Aronofsky is no stranger to such themes. Both Pi and Requiem for a Dream showed characters struggling with a loss of control brought on by obsession and addiction, respectively. In Black Swan, we follow Nina (Natalie Portman), a ballet dancer tasked with the role of both the White and Black Swans in a reimagining of the classic Swan Lake. We get the sense that Nina is at a turning point in her career, one that dictates that she either make her mark or fade away. The show's choreographer (the superb Vincent Cassel) lets her know that her future is dependent on her ability to let go, to get in touch (literally, even) with her passionate, sexual id. Nina's struggle with her darker side is made all the more real, and all the more frightening, by the arrival of a new, wild and unpredictable dancer named Lily (Mila Kunis).
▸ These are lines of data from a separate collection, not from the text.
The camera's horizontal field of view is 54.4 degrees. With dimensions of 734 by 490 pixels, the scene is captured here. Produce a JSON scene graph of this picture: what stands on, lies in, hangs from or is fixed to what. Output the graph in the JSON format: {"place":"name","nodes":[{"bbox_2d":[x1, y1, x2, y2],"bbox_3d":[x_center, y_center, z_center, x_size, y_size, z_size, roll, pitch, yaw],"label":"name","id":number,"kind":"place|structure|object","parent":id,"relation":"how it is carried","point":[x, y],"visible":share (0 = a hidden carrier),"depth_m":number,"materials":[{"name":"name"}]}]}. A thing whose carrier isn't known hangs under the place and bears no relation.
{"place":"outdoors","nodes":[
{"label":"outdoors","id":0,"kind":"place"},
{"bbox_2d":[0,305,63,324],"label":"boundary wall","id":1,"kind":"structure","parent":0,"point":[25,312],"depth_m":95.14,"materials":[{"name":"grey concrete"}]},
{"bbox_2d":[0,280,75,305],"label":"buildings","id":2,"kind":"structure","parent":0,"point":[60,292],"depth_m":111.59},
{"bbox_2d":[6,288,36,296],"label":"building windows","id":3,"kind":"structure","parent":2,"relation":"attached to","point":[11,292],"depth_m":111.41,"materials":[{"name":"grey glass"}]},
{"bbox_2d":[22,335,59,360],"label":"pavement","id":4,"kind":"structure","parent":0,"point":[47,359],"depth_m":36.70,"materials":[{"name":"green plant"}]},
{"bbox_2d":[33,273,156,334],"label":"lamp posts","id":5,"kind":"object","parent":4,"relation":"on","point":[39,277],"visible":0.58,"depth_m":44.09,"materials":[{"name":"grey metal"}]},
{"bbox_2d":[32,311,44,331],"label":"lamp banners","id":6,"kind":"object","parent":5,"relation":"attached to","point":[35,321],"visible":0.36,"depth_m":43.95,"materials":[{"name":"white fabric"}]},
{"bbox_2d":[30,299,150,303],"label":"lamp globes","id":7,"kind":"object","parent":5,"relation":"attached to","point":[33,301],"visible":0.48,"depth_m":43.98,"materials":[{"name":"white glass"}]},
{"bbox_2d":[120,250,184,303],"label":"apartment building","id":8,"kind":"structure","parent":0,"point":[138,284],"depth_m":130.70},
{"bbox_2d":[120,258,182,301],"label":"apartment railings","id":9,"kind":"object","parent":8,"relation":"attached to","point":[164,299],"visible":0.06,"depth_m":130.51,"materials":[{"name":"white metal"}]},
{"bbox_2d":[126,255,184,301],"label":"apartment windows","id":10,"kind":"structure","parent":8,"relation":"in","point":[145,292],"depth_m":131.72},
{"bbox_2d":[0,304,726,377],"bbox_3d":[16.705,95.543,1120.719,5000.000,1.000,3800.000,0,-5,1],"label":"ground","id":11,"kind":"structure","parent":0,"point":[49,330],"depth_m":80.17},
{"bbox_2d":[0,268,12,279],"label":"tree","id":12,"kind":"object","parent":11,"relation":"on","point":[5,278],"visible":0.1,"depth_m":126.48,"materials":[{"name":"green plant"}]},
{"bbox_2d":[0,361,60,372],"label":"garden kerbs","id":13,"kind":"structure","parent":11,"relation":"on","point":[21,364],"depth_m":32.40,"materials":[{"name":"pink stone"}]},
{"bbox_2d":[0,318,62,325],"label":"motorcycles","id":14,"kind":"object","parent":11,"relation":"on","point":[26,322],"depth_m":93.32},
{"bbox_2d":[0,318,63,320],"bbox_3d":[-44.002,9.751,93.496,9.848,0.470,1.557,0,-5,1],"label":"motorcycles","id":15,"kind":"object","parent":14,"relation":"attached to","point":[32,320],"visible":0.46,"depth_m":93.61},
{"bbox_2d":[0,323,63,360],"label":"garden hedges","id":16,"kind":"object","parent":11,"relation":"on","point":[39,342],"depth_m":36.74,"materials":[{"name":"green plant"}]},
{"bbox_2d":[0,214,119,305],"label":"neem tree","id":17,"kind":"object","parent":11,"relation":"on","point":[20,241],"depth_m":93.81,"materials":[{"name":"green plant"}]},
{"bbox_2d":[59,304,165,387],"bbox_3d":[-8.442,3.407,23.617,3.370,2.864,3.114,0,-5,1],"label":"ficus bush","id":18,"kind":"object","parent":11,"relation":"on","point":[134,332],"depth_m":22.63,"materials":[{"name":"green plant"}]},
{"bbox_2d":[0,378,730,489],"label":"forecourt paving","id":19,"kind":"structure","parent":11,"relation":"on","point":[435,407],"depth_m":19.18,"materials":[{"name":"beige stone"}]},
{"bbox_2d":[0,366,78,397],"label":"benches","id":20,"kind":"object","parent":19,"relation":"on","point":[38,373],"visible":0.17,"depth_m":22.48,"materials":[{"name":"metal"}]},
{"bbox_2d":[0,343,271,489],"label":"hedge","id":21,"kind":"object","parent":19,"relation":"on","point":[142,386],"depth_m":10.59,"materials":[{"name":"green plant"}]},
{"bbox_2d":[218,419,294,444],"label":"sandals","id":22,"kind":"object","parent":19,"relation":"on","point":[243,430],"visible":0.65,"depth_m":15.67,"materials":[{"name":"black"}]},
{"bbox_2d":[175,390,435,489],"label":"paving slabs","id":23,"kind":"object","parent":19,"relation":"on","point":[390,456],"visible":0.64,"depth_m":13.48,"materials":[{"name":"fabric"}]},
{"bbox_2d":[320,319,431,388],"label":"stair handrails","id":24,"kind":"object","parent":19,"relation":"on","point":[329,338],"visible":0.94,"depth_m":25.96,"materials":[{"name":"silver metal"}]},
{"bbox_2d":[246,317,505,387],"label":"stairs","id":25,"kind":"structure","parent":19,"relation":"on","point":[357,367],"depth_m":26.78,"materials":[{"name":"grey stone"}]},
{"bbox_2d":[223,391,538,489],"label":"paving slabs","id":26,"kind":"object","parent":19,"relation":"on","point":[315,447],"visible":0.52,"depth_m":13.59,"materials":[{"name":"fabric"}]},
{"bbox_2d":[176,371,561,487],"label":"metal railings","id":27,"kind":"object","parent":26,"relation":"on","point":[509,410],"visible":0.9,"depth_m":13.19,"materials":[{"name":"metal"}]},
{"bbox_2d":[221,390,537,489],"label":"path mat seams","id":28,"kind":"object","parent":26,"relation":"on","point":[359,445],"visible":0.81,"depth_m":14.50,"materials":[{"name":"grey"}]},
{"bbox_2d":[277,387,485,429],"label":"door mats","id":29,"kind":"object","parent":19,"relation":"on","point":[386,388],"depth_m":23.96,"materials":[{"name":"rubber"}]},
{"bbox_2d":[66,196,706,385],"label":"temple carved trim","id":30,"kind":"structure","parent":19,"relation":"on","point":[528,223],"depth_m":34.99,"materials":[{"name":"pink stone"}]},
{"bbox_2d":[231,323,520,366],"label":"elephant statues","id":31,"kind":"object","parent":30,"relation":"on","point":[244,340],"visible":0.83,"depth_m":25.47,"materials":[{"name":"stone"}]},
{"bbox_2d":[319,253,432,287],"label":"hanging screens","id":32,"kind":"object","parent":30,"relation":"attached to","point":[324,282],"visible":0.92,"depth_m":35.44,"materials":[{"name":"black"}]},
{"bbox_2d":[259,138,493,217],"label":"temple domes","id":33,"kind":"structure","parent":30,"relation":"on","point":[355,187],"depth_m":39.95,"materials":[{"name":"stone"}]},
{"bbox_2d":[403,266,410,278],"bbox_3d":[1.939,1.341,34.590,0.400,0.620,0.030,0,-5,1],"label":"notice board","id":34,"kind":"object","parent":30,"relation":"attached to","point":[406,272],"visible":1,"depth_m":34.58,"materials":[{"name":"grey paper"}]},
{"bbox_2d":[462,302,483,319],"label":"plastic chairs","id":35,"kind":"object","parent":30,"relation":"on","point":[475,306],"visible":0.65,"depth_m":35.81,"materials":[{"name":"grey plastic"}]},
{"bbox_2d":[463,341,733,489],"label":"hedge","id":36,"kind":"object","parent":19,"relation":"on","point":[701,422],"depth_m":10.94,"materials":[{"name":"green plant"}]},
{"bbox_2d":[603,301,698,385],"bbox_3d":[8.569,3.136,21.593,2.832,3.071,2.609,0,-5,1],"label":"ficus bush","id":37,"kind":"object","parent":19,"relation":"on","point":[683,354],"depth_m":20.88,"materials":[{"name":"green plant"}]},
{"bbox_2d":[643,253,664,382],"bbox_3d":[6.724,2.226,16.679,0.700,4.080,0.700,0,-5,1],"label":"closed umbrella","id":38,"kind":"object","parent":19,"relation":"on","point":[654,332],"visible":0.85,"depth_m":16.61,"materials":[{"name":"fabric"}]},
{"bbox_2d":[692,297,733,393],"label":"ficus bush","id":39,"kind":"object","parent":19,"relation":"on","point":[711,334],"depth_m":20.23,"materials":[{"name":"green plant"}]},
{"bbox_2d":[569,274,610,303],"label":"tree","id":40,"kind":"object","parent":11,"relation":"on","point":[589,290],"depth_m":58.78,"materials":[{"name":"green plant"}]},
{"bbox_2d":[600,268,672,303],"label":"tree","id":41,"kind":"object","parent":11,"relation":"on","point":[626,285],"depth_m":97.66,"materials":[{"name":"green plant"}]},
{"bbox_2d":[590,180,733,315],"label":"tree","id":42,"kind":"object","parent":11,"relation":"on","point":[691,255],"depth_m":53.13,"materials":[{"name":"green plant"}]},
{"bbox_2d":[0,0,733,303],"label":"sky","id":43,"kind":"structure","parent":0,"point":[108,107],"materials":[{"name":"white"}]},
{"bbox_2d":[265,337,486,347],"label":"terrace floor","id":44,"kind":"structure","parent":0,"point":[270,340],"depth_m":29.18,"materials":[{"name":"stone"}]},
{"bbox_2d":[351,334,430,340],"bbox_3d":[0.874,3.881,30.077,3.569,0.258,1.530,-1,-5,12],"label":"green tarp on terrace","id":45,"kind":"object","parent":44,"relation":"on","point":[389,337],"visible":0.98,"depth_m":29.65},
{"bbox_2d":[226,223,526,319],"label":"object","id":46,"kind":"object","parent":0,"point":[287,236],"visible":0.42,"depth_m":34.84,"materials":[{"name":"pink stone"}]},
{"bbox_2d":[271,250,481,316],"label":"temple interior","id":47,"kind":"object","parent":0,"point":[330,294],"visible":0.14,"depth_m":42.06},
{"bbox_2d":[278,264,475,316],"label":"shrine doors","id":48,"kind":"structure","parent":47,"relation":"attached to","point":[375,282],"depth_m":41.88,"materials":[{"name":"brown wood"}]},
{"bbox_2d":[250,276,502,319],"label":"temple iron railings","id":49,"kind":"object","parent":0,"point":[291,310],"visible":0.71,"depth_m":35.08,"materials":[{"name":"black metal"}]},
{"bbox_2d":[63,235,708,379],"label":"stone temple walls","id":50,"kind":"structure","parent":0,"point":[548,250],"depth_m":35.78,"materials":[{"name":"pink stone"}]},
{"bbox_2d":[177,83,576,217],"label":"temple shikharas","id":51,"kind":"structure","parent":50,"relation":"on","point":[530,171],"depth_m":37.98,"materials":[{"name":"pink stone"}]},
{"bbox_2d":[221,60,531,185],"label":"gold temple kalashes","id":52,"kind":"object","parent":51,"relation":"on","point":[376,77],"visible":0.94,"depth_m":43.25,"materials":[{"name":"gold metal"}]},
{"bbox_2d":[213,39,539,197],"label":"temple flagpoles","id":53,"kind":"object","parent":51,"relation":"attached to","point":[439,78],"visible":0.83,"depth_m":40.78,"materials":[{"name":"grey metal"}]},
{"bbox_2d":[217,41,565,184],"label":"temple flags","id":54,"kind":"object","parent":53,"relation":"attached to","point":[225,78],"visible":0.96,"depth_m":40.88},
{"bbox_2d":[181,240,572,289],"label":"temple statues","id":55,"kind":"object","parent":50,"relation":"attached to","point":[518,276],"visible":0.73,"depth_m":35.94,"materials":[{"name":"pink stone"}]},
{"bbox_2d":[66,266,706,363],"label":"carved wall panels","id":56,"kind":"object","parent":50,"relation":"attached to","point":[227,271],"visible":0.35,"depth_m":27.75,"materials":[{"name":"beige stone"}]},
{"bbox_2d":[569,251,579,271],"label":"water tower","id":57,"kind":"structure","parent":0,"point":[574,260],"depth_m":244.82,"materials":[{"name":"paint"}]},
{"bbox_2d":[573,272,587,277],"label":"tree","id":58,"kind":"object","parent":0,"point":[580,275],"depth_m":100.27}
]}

It would be easy to view Black Swan as a simple examination of the struggle between the good and the bad, the light and the dark within all of us. A struggle for balance. Or it could be seen as a study of the differences between craft and passion, learned skill and innate talent. Again, a struggle for balance. But Aranofsky shows us more than banal duality here. In Black Swan, every female character of note is an aspect of Nina's personality--developed or not. Nina is the pure, fragile White Swan, yes, and Lily is the darker, surer Black Swan. But what of Nina's mother (Barbara Hershey--not quite as crazy as Piper Laurie, but just as creepy in her own way), the woman Nina might become if she doesn't finally learn to let go; or Beth (Winona Ryder), the woman Nina might become if she does?
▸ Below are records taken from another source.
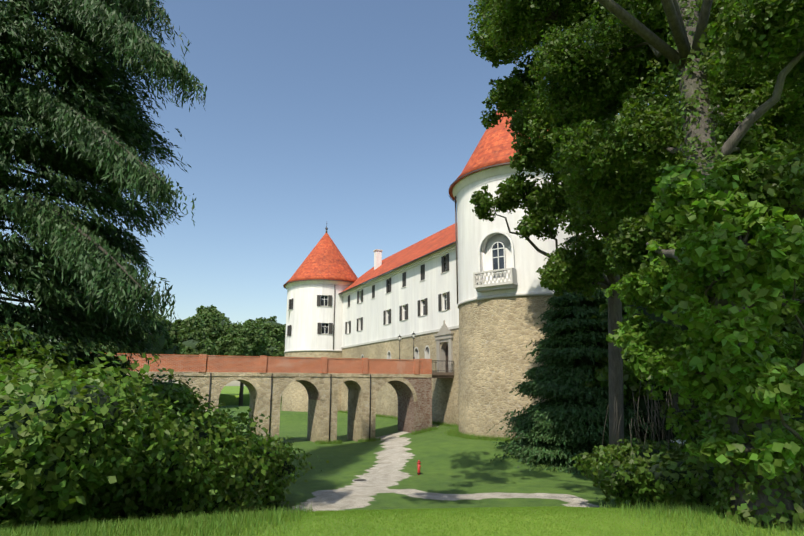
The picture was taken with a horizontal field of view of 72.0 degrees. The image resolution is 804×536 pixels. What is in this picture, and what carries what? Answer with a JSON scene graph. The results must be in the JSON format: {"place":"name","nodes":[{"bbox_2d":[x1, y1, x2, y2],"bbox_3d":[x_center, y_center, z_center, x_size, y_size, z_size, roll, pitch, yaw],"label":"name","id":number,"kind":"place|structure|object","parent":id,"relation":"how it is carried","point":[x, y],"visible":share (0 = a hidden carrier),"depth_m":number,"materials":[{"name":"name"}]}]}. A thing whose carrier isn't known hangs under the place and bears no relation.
{"place":"outdoors","nodes":[
{"label":"outdoors","id":0,"kind":"place"},
{"bbox_2d":[281,223,357,411],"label":"castle tower","id":1,"kind":"structure","parent":0,"point":[322,271],"depth_m":76.15,"materials":[{"name":"white paint"}]},
{"bbox_2d":[0,0,648,385],"label":"sky","id":2,"kind":"structure","parent":0,"point":[359,118],"materials":[{"name":"blue"}]},
{"bbox_2d":[19,506,801,535],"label":"lawn grass","id":3,"kind":"structure","parent":0,"point":[422,511],"depth_m":8.36,"materials":[{"name":"green plant"}]},
{"bbox_2d":[100,382,802,535],"bbox_3d":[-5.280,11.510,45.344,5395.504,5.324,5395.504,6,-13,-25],"label":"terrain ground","id":4,"kind":"structure","parent":0,"point":[457,472],"depth_m":25.53,"materials":[{"name":"green plant"}]},
{"bbox_2d":[0,0,192,522],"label":"conifer tree","id":5,"kind":"object","parent":4,"relation":"on","point":[85,85],"depth_m":16.74,"materials":[{"name":"green plant"}]},
{"bbox_2d":[23,194,146,293],"bbox_3d":[-8.547,-0.725,14.790,4.665,3.120,0.152,-4,-13,17],"label":"conifer branch","id":6,"kind":"object","parent":5,"relation":"attached to","point":[101,249],"visible":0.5,"depth_m":14.49,"materials":[{"name":"brown plant"}]},
{"bbox_2d":[12,78,163,183],"bbox_3d":[-9.153,-4.031,15.856,6.055,4.105,0.152,-4,-12,16],"label":"conifer branch","id":7,"kind":"object","parent":5,"relation":"attached to","point":[116,142],"visible":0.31,"depth_m":15.23,"materials":[{"name":"brown plant"}]},
{"bbox_2d":[4,194,175,331],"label":"conifer needles","id":8,"kind":"object","parent":5,"relation":"attached to","point":[92,262],"visible":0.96,"depth_m":13.95,"materials":[{"name":"green plant"}]},
{"bbox_2d":[0,77,195,226],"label":"conifer needles","id":9,"kind":"object","parent":5,"relation":"attached to","point":[85,135],"visible":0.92,"depth_m":14.78,"materials":[{"name":"green plant"}]},
{"bbox_2d":[0,501,312,535],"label":"rough grass","id":10,"kind":"structure","parent":4,"relation":"on","point":[189,523],"depth_m":8.04,"materials":[{"name":"green plant"}]},
{"bbox_2d":[67,340,255,436],"bbox_3d":[-12.014,5.371,20.143,13.952,5.622,9.243,18,-22,-56],"label":"bush","id":11,"kind":"object","parent":4,"relation":"on","point":[169,377],"depth_m":22.67,"materials":[{"name":"green plant"}]},
{"bbox_2d":[0,322,328,530],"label":"bush","id":12,"kind":"object","parent":4,"relation":"on","point":[87,496],"depth_m":12.21,"materials":[{"name":"green plant"}]},
{"bbox_2d":[60,304,285,405],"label":"treeline","id":13,"kind":"object","parent":4,"relation":"on","point":[207,331],"depth_m":113.13,"materials":[{"name":"green plant"}]},
{"bbox_2d":[105,353,431,444],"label":"arched bridge","id":14,"kind":"structure","parent":4,"relation":"on","point":[266,381],"depth_m":43.07,"materials":[{"name":"beige stone"}]},
{"bbox_2d":[398,335,400,358],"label":"bridge lamp","id":15,"kind":"object","parent":14,"relation":"on","point":[399,338],"visible":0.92,"depth_m":49.93,"materials":[{"name":"black metal"}]},
{"bbox_2d":[411,332,415,358],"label":"bridge lamp","id":16,"kind":"object","parent":14,"relation":"on","point":[413,334],"visible":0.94,"depth_m":47.44,"materials":[{"name":"black metal"}]},
{"bbox_2d":[352,479,366,481],"bbox_3d":[-2.010,10.185,26.455,0.720,0.090,0.720,6,-13,-25],"label":"manhole cover","id":17,"kind":"object","parent":4,"relation":"on","point":[359,480],"visible":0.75,"depth_m":26.32,"materials":[{"name":"metal"}]},
{"bbox_2d":[274,409,517,446],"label":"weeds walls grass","id":18,"kind":"structure","parent":4,"relation":"on","point":[453,432],"depth_m":42.13,"materials":[{"name":"green plant"}]},
{"bbox_2d":[338,224,458,424],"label":"castle building","id":19,"kind":"structure","parent":4,"relation":"on","point":[414,290],"depth_m":58.15,"materials":[{"name":"white paint"}]},
{"bbox_2d":[333,196,457,349],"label":"drainpipes","id":20,"kind":"object","parent":19,"relation":"attached to","point":[456,267],"visible":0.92,"depth_m":43.13,"materials":[{"name":"white metal"}]},
{"bbox_2d":[417,460,420,474],"bbox_3d":[0.861,10.194,28.147,0.190,0.820,0.320,6,-13,-25],"label":"red hydrant","id":21,"kind":"object","parent":4,"relation":"on","point":[418,467],"visible":0.92,"depth_m":28.10,"materials":[{"name":"red metal"}]},
{"bbox_2d":[432,360,453,377],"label":"drawbridge platform","id":22,"kind":"structure","parent":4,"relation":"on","point":[438,374],"depth_m":48.00,"materials":[{"name":"brown wood"}]},
{"bbox_2d":[466,0,678,495],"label":"tree","id":23,"kind":"object","parent":4,"relation":"on","point":[508,26],"depth_m":22.73,"materials":[{"name":"green plant"}]},
{"bbox_2d":[488,224,679,474],"bbox_3d":[10.926,4.862,32.577,12.905,15.642,11.865,6,-13,-25],"label":"conifer tree","id":24,"kind":"object","parent":4,"relation":"on","point":[565,420],"depth_m":30.07,"materials":[{"name":"green plant"}]},
{"bbox_2d":[527,0,803,525],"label":"tree","id":25,"kind":"object","parent":4,"relation":"on","point":[744,66],"depth_m":15.40,"materials":[{"name":"green plant"}]},
{"bbox_2d":[596,0,712,68],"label":"branches","id":26,"kind":"object","parent":25,"relation":"attached to","point":[671,8],"visible":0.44,"depth_m":13.52,"materials":[{"name":"brown wood"}]},
{"bbox_2d":[665,0,803,529],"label":"ivy leaves","id":27,"kind":"object","parent":25,"relation":"attached to","point":[795,481],"visible":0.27,"depth_m":9.17,"materials":[{"name":"green plant"}]},
{"bbox_2d":[552,113,803,441],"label":"tree","id":28,"kind":"object","parent":4,"relation":"on","point":[790,324],"depth_m":28.10,"materials":[{"name":"green plant"}]},
{"bbox_2d":[571,426,800,508],"bbox_3d":[7.892,5.713,15.340,5.300,3.615,12.040,0,-12,-2],"label":"bush","id":29,"kind":"object","parent":4,"relation":"on","point":[605,482],"depth_m":14.41,"materials":[{"name":"green plant"}]},
{"bbox_2d":[595,498,803,535],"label":"tall grass","id":30,"kind":"structure","parent":4,"relation":"on","point":[700,511],"depth_m":8.51,"materials":[{"name":"green plant"}]},
{"bbox_2d":[605,157,803,504],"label":"maple tree","id":31,"kind":"object","parent":4,"relation":"on","point":[685,199],"depth_m":8.90,"materials":[{"name":"green plant"}]},
{"bbox_2d":[448,61,588,438],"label":"castle tower","id":32,"kind":"structure","parent":0,"point":[504,296],"depth_m":37.81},
{"bbox_2d":[592,227,687,443],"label":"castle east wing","id":33,"kind":"structure","parent":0,"point":[678,441],"depth_m":37.18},
{"bbox_2d":[602,378,704,456],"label":"stems","id":34,"kind":"object","parent":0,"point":[675,400],"visible":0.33,"depth_m":14.95,"materials":[{"name":"grey plant"}]},
{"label":"conifer limb","id":35,"kind":"object","parent":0,"visible":0},
{"bbox_2d":[34,0,206,111],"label":"conifer needles","id":36,"kind":"object","parent":35,"relation":"attached to","point":[103,20],"visible":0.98,"depth_m":15.44,"materials":[{"name":"green plant"}]},
{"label":"conifer limb","id":37,"kind":"object","parent":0,"visible":0},
{"bbox_2d":[103,0,189,59],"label":"conifer needles","id":38,"kind":"object","parent":37,"relation":"attached to","point":[146,7],"visible":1,"depth_m":16.94,"materials":[{"name":"green plant"}]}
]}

Aronofsky continues to find interesting ways to demonstrate obsession, passion and madness through visual means. A fantastic scene near the end shows Nina morphing into her inner Black Swan, the darkness internalized for far too long, now breaking free and breaking through. It's all quite amazing. However, I didn't feel that the director had, in any meaningful way, topped what he had accomplished in the past. Though Black Swan is, by far, my favourite of Aronofsky's films thus far, I never felt that its creation was much of a stretch for him as a filmmaker. He is comfortable here, he known territory, re-mapping the breakdown of yet another fictional mind. He flexed his muscles and tried a few new things in The Fountain and, though it didn't quite work, I appreciated that. I look forward to Aronofsky entering truly uncharted territory with his next project, The Wolverine. The culture shock shouldn't be too great for the filmmaker, given Logan's own internal struggles with a darker self...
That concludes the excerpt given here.